***** EXCERPTED DATA *****
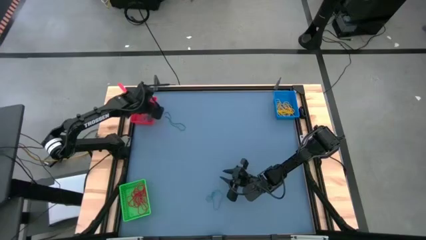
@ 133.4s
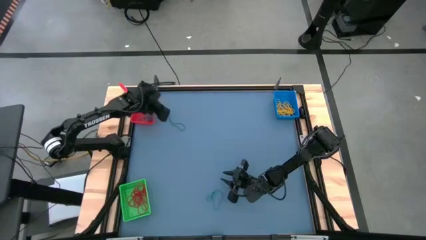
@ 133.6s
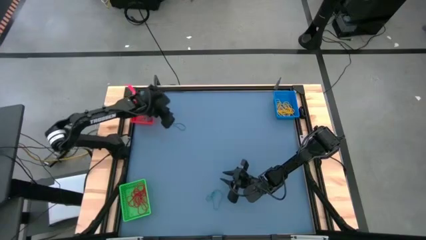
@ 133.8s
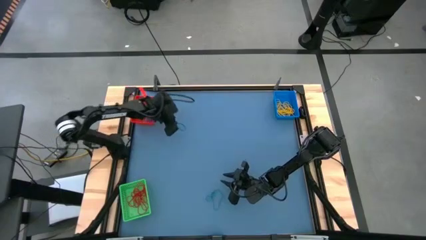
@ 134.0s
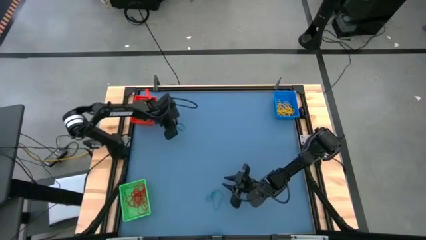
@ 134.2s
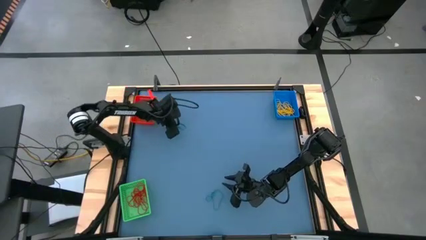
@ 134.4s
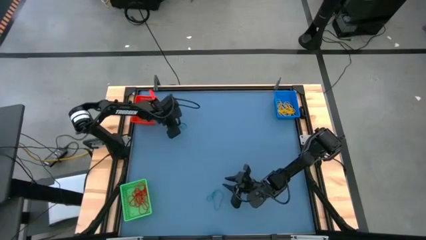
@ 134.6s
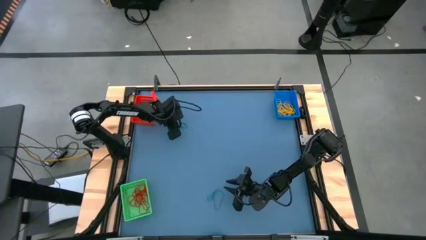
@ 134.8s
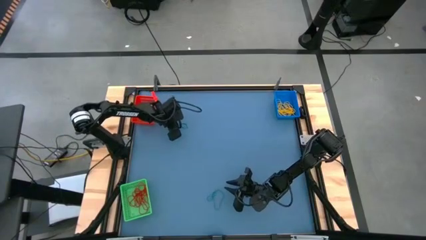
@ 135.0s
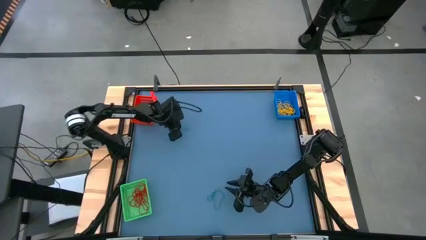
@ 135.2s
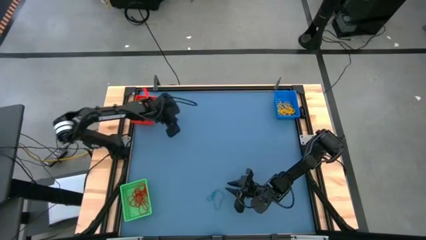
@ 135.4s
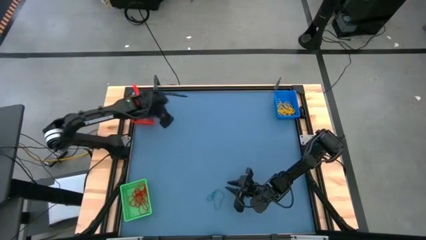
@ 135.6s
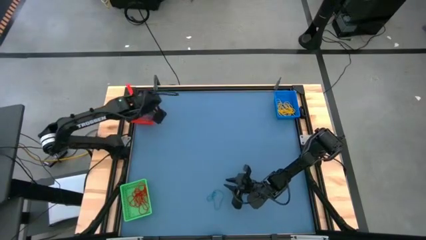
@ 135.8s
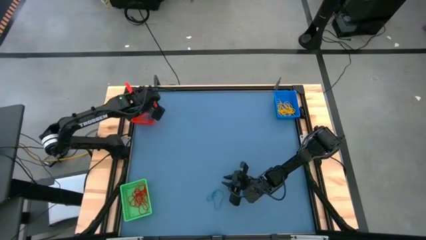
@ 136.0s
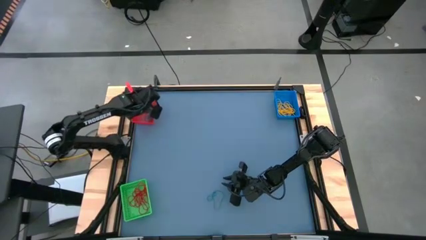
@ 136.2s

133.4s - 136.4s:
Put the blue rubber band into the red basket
*****
• [EXERCISE REQUIREMENTS]:
Only the pictures stay out; the rest of the entries above must be written out exactly.

• [RESPONSE]:
@ 133.4s
@ 133.6s
@ 133.8s
@ 134.0s
@ 134.2s
@ 134.4s
@ 134.6s
@ 134.8s
@ 135.0s
@ 135.2s
@ 135.4s
@ 135.6s
@ 135.8s
@ 136.0s
@ 136.2s

133.4s - 136.4s:
Put the blue rubber band into the red basket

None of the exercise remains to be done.